Make plots of the Log Spectral Density for one of your data sets with the following NS and N values:

*RUN#*	N	*N (Buoy Data)*	NS	*deg of freedom*
1	256	(128)	4	8
2	256	(128)	16	32
3	128	(64)	16	32
4	128	(64)	32	64
5	128	(64)	16	32

3.0 Programming Hints

Modify your Lab 4 program so it will do the fft on your data. In matlab, before you run your program load your data set by typing load filename.data (e.g., "load c22x.data").

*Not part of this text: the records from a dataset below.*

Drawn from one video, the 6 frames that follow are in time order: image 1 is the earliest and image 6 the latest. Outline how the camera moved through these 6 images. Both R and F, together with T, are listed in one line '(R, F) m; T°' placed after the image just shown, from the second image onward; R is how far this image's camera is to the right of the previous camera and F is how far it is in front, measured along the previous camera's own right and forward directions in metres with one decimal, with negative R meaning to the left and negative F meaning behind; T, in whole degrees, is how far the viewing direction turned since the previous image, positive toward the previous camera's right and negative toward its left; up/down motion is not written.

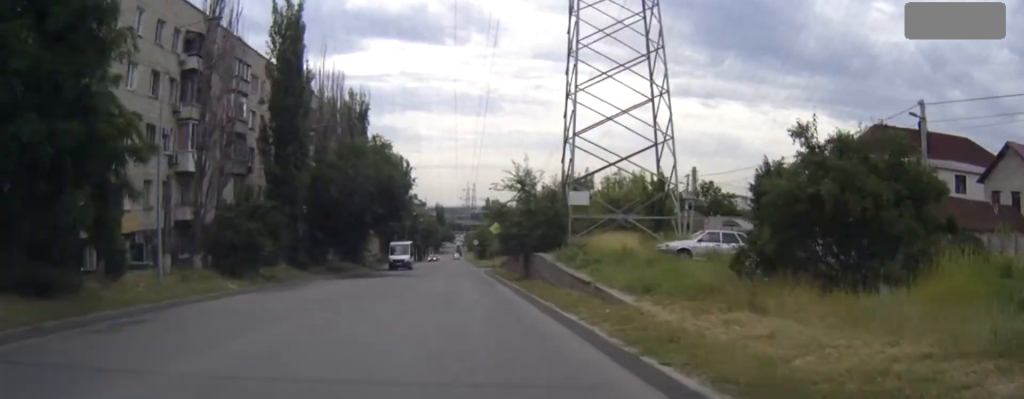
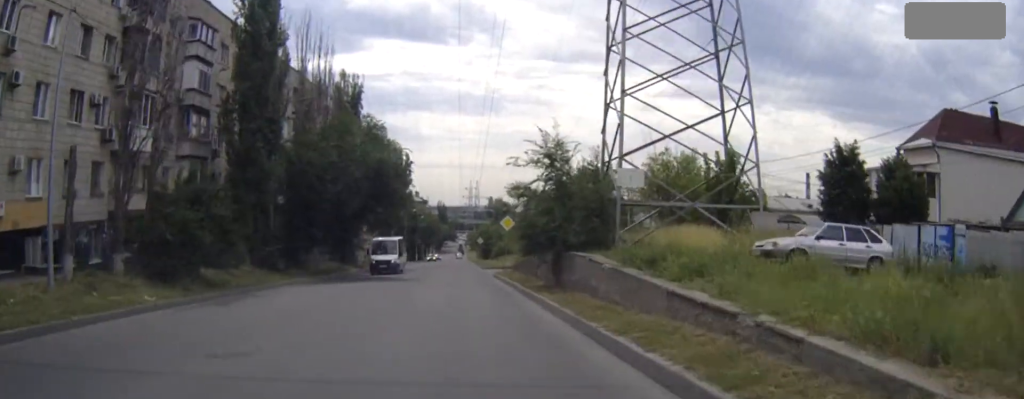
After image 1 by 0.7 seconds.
(0.0, +9.0) m; 0°
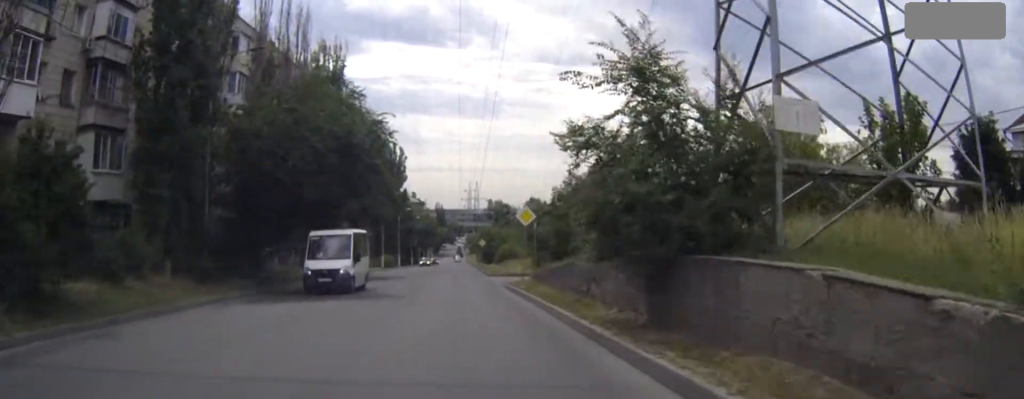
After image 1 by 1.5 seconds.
(0.0, +11.9) m; 0°
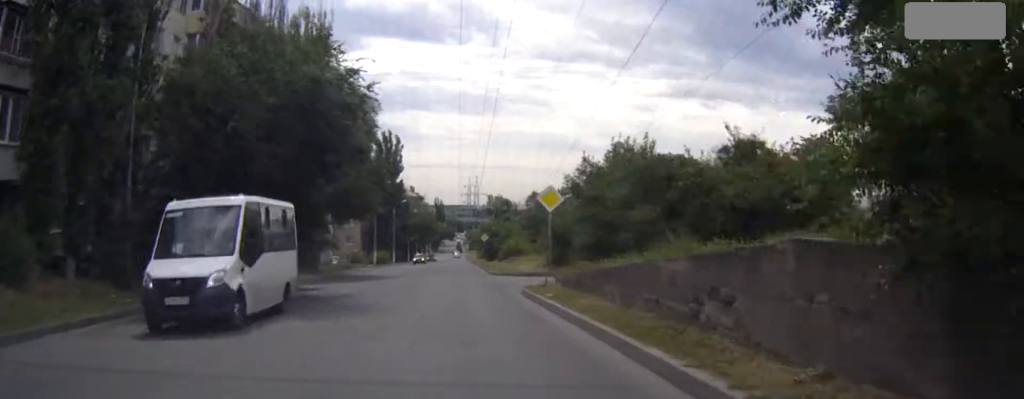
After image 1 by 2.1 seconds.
(0.0, +8.4) m; 0°
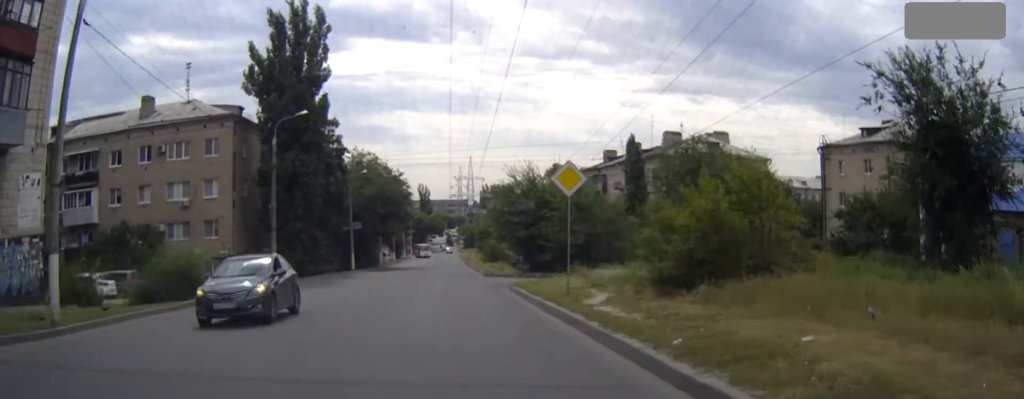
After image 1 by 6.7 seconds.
(+0.5, +66.1) m; +1°
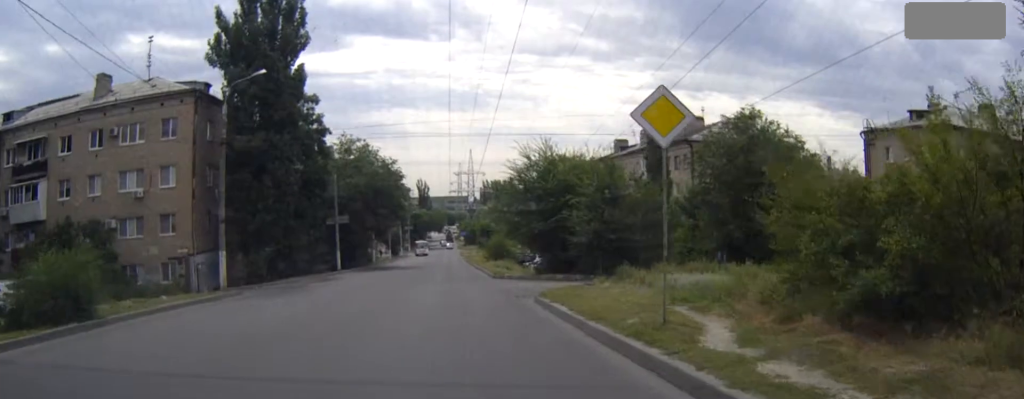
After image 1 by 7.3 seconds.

Then assign it a more general name, for example:

data = c22x; % (assuming c22x.data is one of your data sets)

ntot= 4096; (or 2048) % This number should be same as length of your data set.

You'll want to vary N, the sample size, and NS, the number of samples . Use the Matlab function input with a prompt to ask you to type in these values, as well as the appropriate values for the confidence intervals which you will plot with the Log Spectral Density of your data. (Take these values from the plot found in your class notes).

(Don't forget to assign the appropriate value of dt for your data set.)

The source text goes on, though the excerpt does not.